— Егор Софроныч, — Фиска вытащила из широченного мохнатого рукава тоненькую озябшую лапку, тронула Егорку за руку, зарделась, как маков цвет, — я, чай, сама ведаю, что ты никого не боишься. Я ж не без глаз, вижу, что ты на других мужиков вовсе не похож, оттого и… Боязно мне. Кузьма да Петруха, да Лука Щербатый, да мельников сын хотят тебя подкараулить да избить, а свекровка моя Антонида уж всем бабам пропела, что ты вовсе без совести, что с Матреной гулящей будто живешь и людей не стыдишься… Матрена-то на тебя всех собак перевешала с перепою — то ты, будто, из блудников блудник, а то, будто, и вовсе не мужик, только с бесями и знаешься… никак сама не решит, как ей врать любее.
Егорка слушал, улыбаясь, ломая замерзшую былинку, любовался Фискиной отвагой — и вдруг его бросило в жар от неожиданной мысли. Что отец мог разглядеть в маме, в смертной девке? А если такую же неожиданную самоотверженную храбрость?
— Ну болтают, — сказал он дрогнувшим голосом. — А тебе почто? Я чай, узнает твой муж, что ты мне говорила — беда будет. Ай, нет?
Фиска запрятала соломенную прядку под платок.
— А пусть, — сказала твердо, снизу вверх глядя Егору в глаза. — Я за него неволей шла. Отец со старшим братом меня продали за ведро браги, да двух овец, да двенадцать рублев денег. Мне и дом-то ихний постыл, душа извелась. Не та беда, так другая — все едино, а вот у тебя чтоб беды не было. Ты, Софроныч, может, первый мужик, от которого я защиту видела да доброе слово слыхала. Что ж мне, слушать, как они над тобой ругаются, а самой молчать?
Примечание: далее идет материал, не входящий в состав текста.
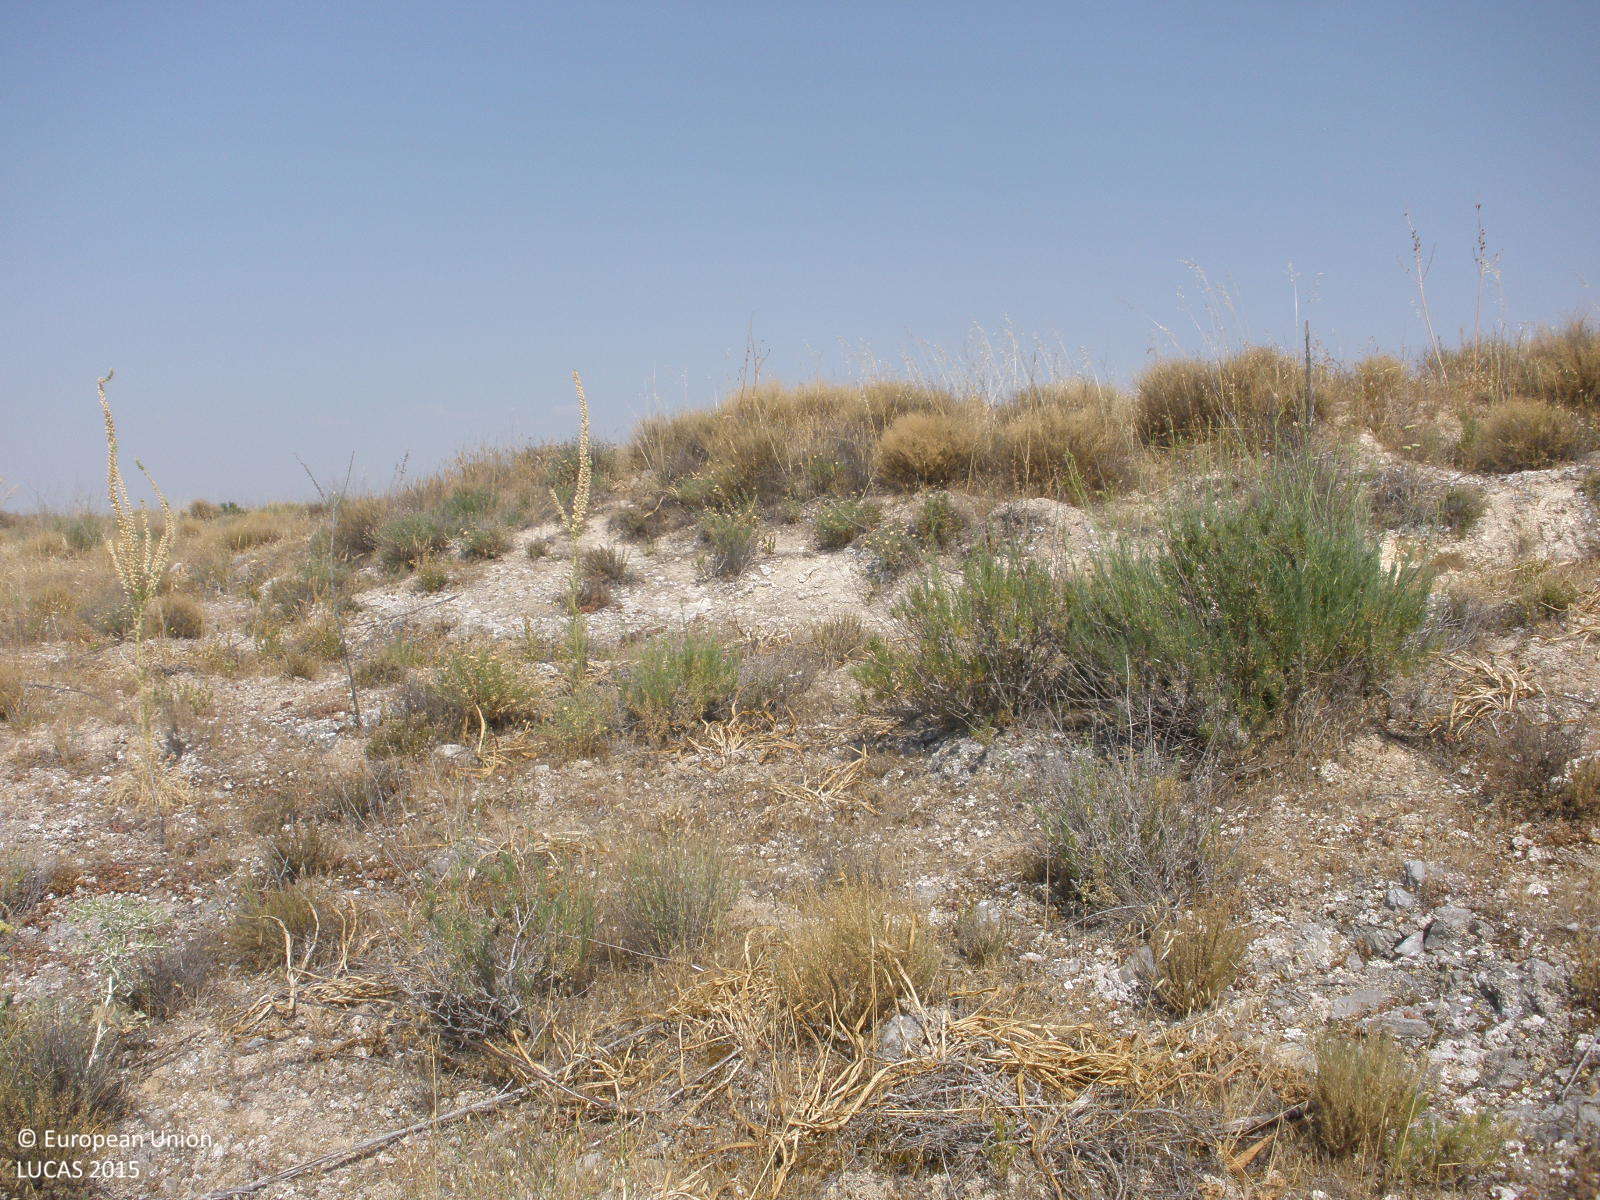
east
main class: Shrubland
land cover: Shrubland without tree cover
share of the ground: 25 - 50 %
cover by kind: herbaceous plants 50 %, shrubs 30 %, consolidated bare surface 20 %
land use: Semi-natural and natural areas not in use
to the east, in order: Shrubland without tree cover; Pine dominated coniferous woodland
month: July
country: ES
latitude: 40.0278
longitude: -3.3514
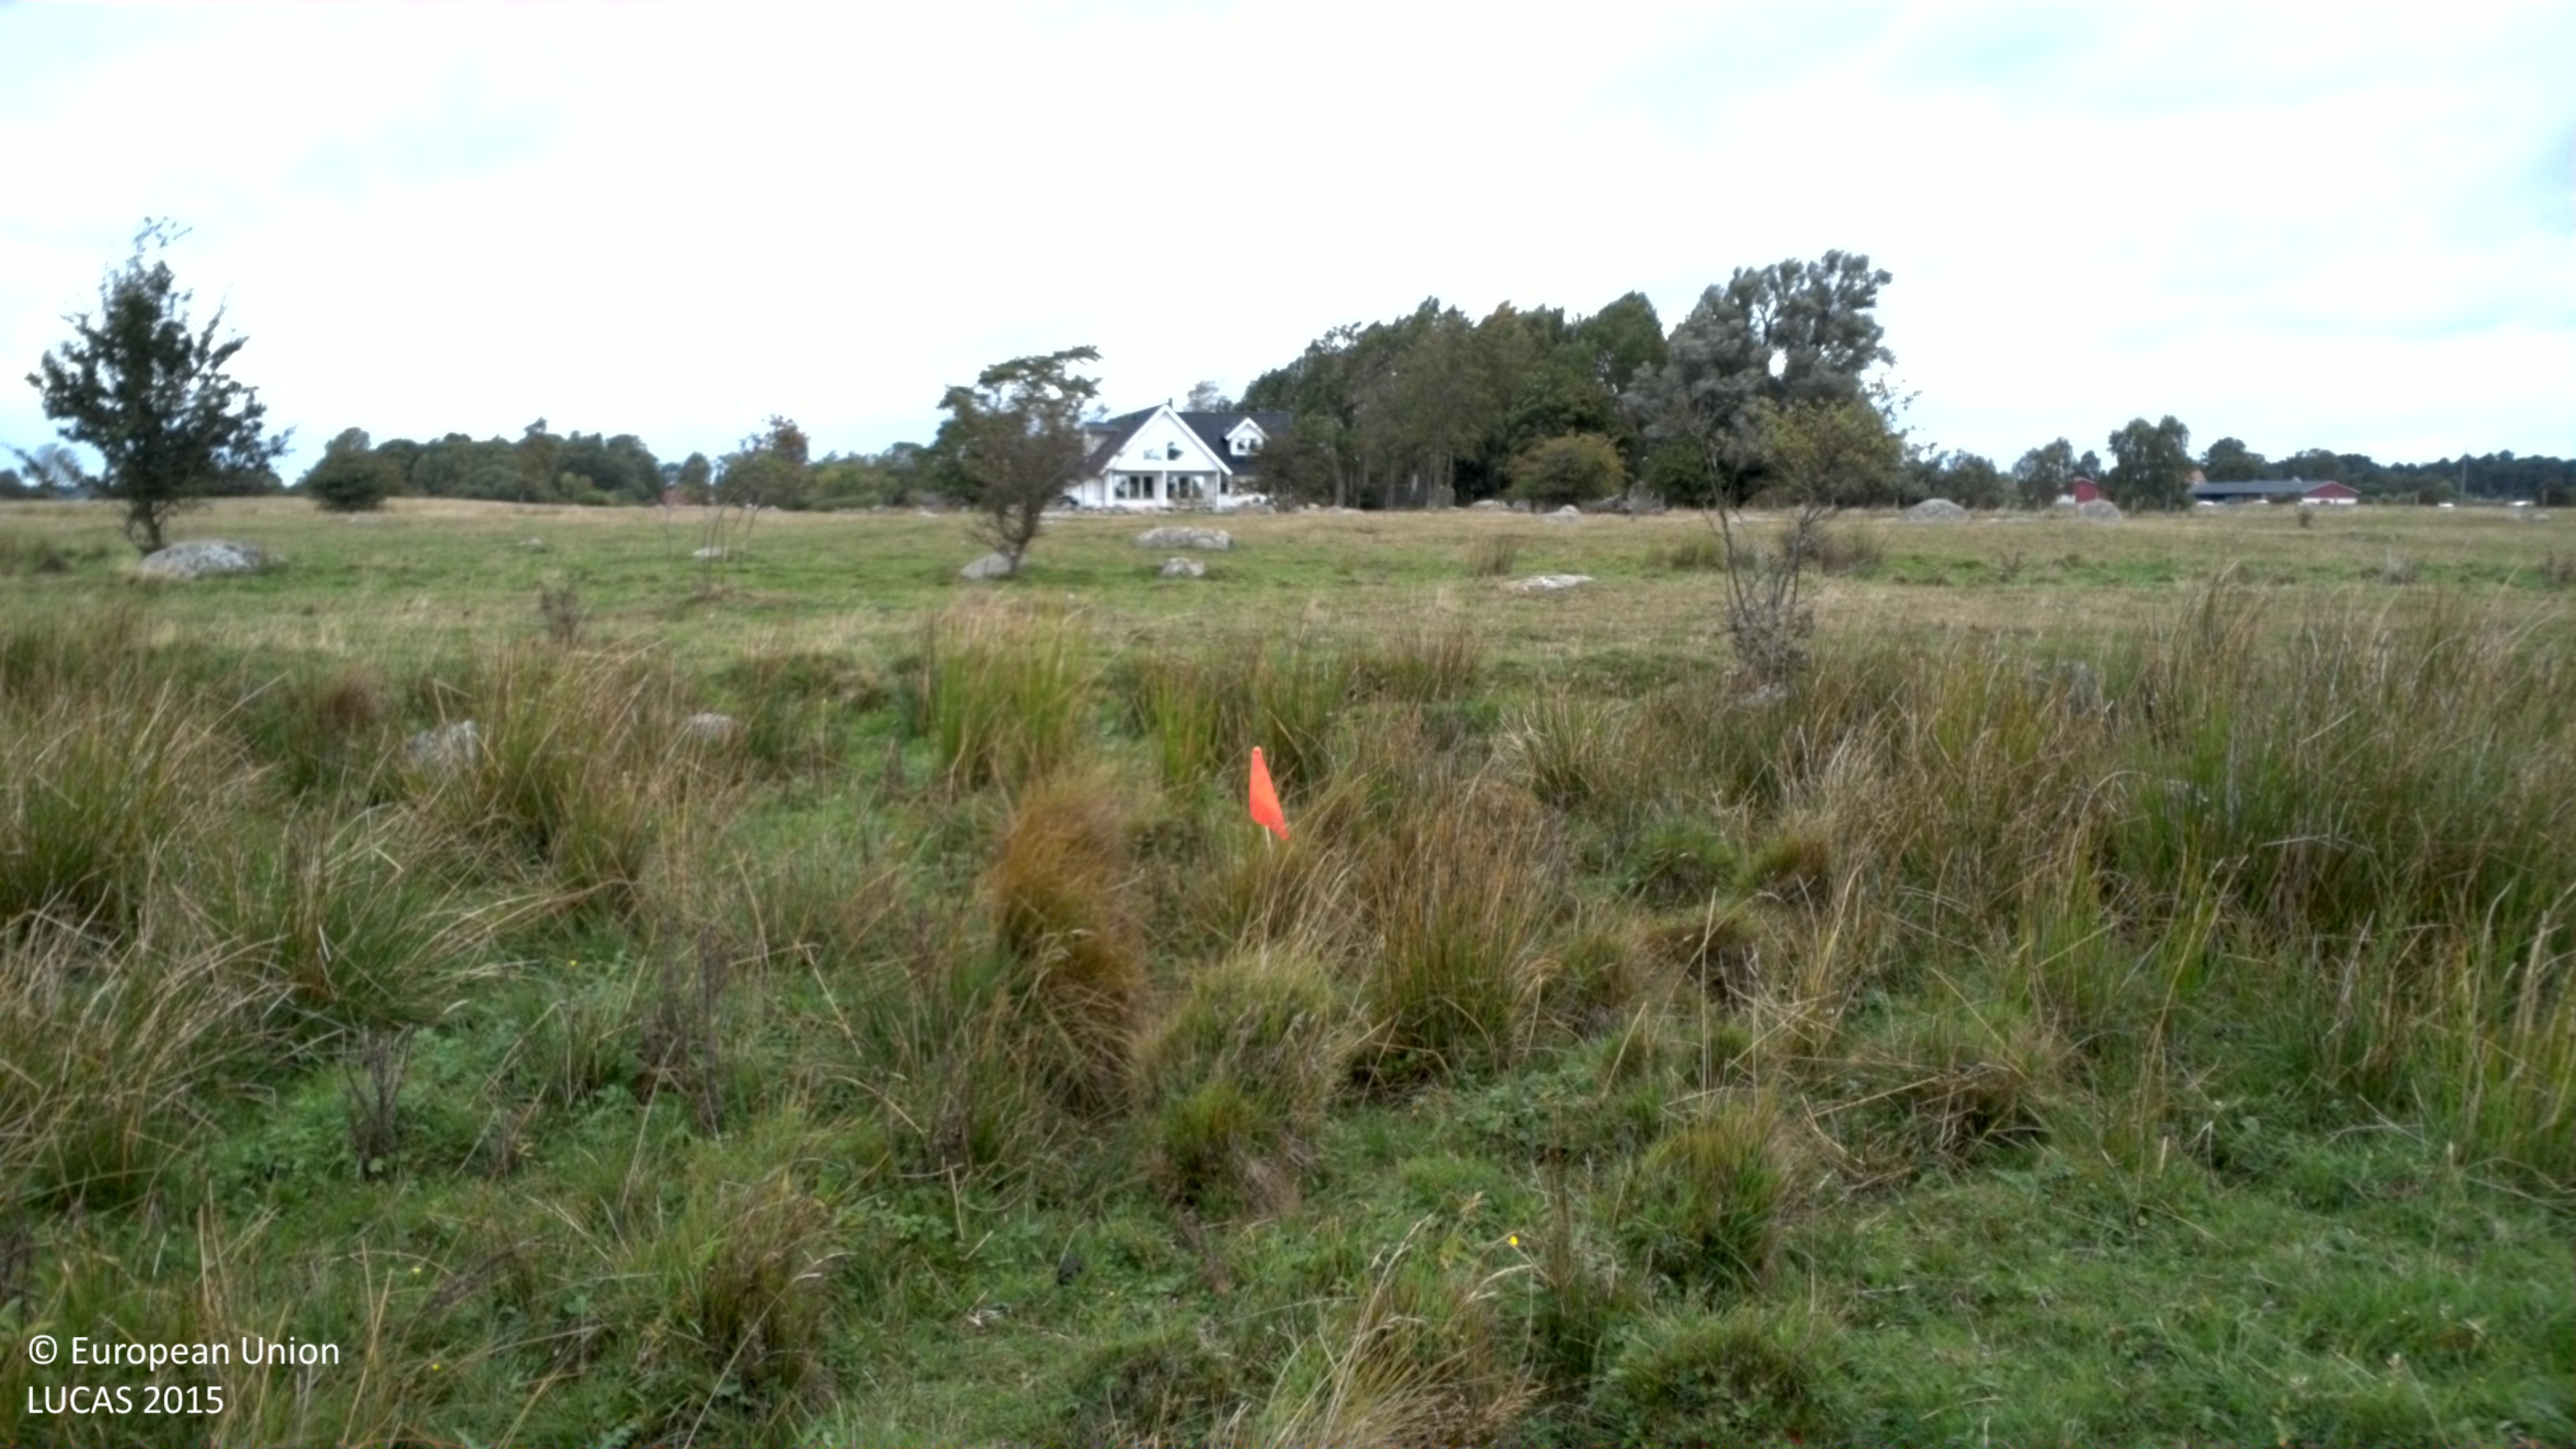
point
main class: Grassland
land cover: Grassland without tree/shrub cover
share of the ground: > 75 %
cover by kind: herbaceous plants 100 %
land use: Agriculture (excluding fallow land and kitchen gardens)
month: September
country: SE
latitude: 56.0030
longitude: 14.4402
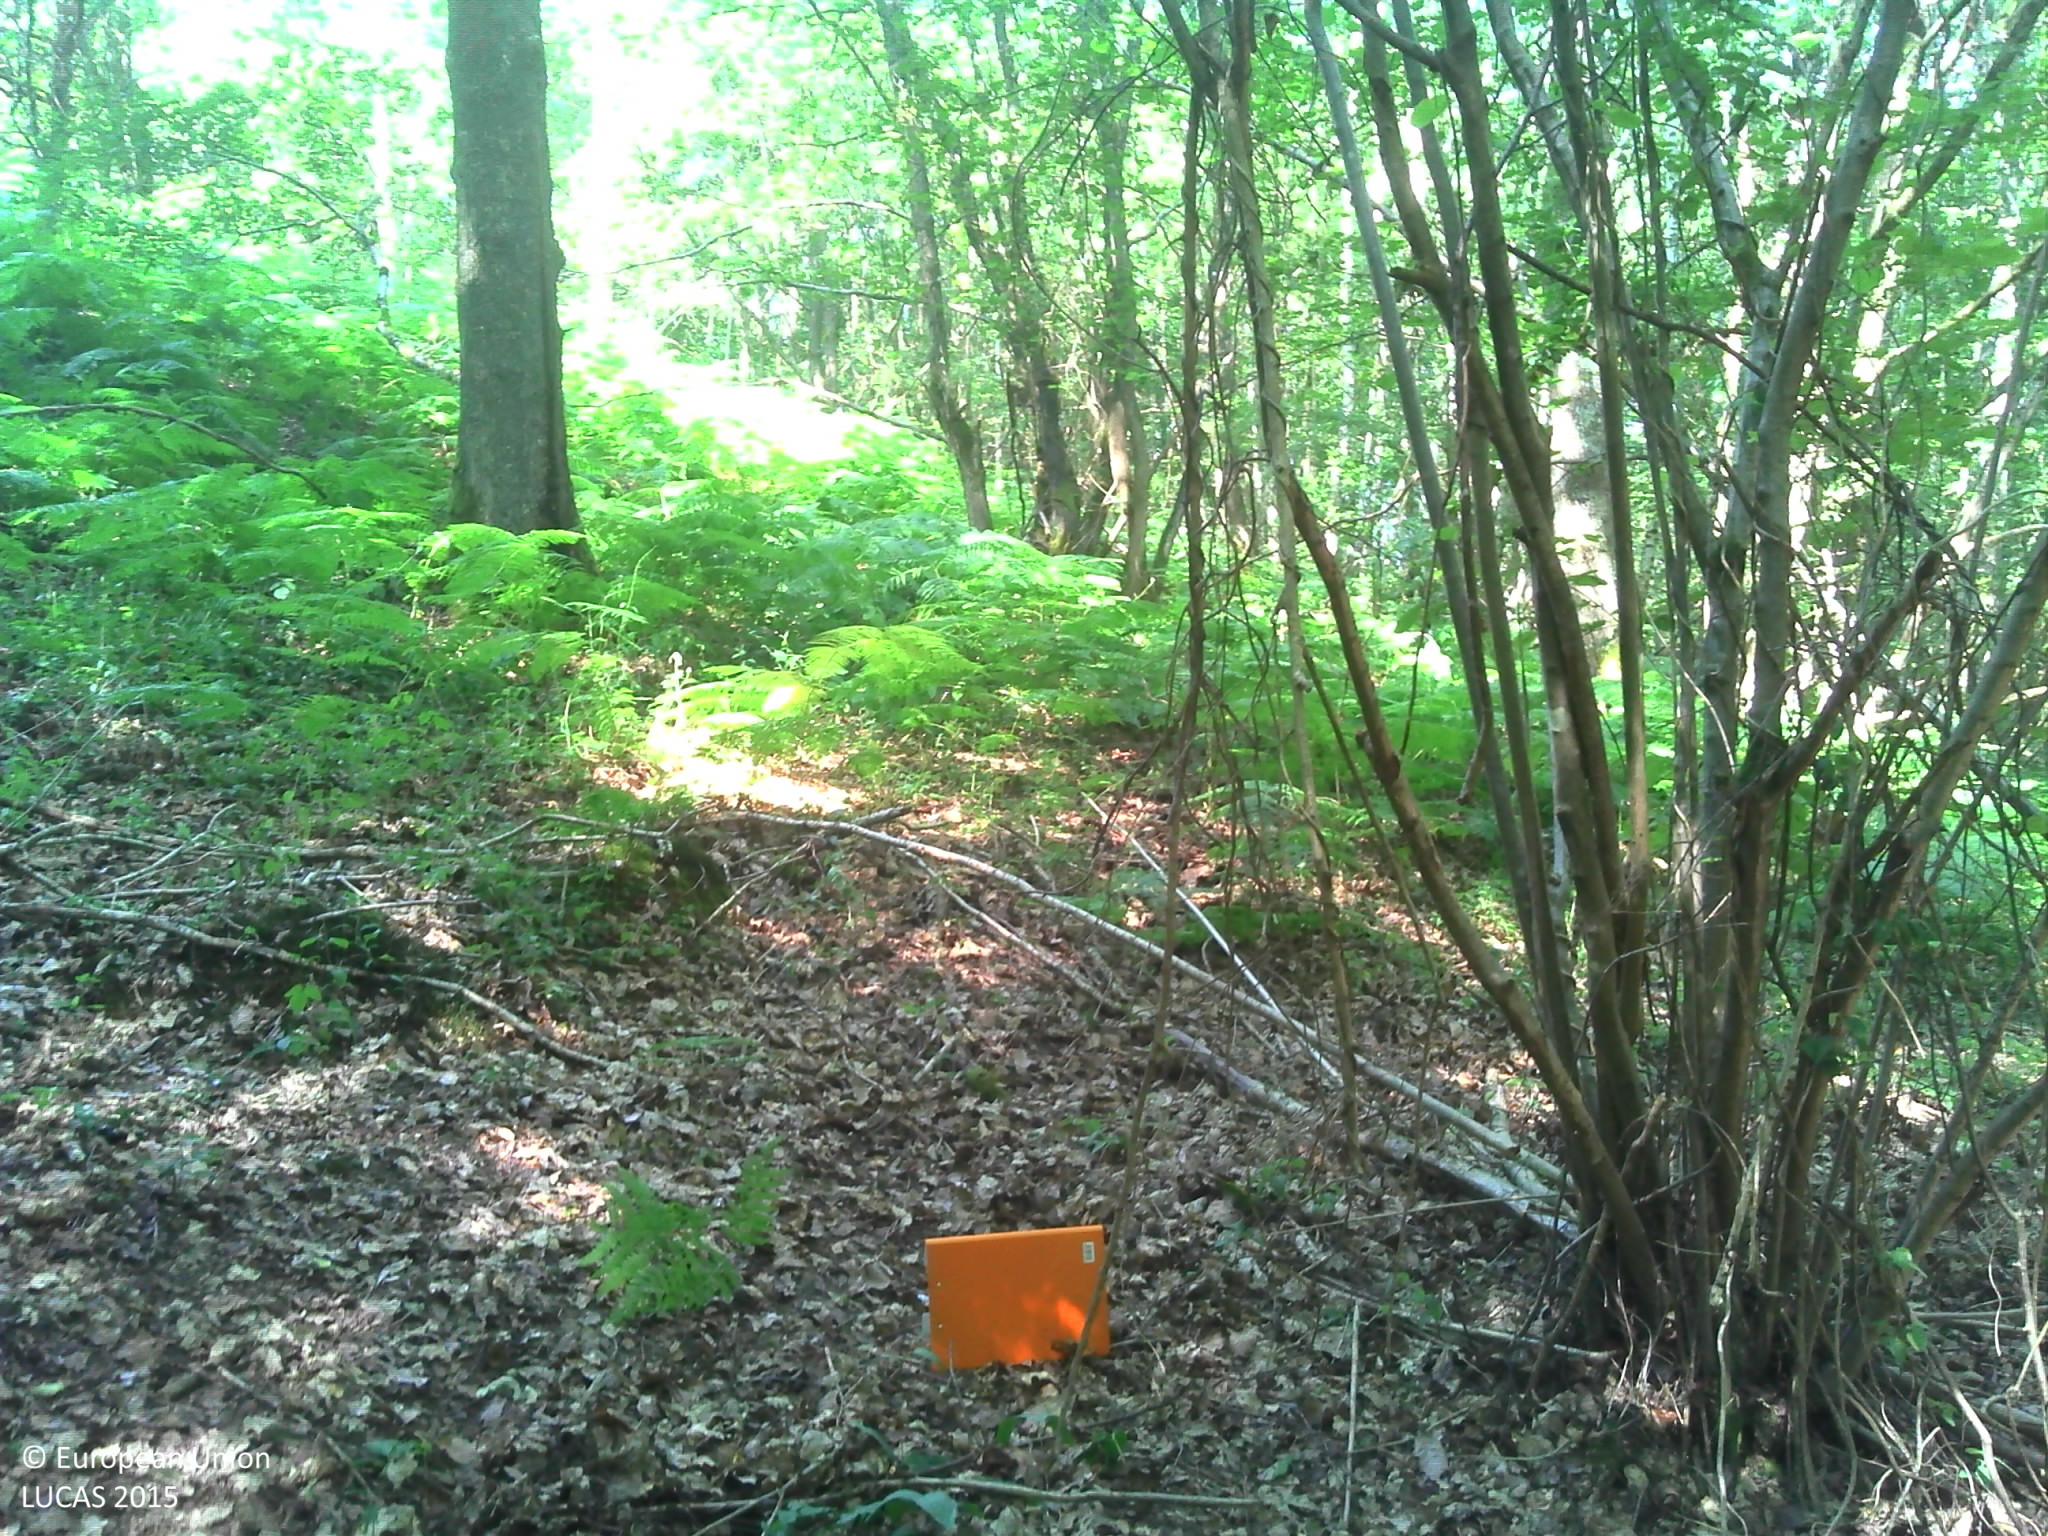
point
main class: Woodland
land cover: Broadleaved woodland
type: mesophytic deciduous forest
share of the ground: > 75 %
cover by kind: broadleaved forest trees 90 %, herbaceous plants 5 %, unconsolidated bare surface 5 %
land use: Forestry
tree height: > 5 m
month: July
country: FR
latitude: 49.0667
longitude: 3.2994

Егорка не выдержал, взял-таки ее за руки — шершавые холодные пальчики с поломанными ногтями — отогревая их в своих горячих ладонях, сказал грустно:
— Я ж тебе и помочь-то путем не могу, Анфиса. Как же быть-то мне — мне, стало быть, глядеть, как они над тобой ругаются, а самому, склавши руки, сидеть?
В Фискиных серых глазах вспыхнула небесная просинь. Она махнула светлыми ресницами — и улыбнулась неожиданно яркой улыбкой, добрейшей улыбкой настоящей женщины, как никто из деревенских баб еще не улыбался Егорке. Как лешачка. Всепонимающе.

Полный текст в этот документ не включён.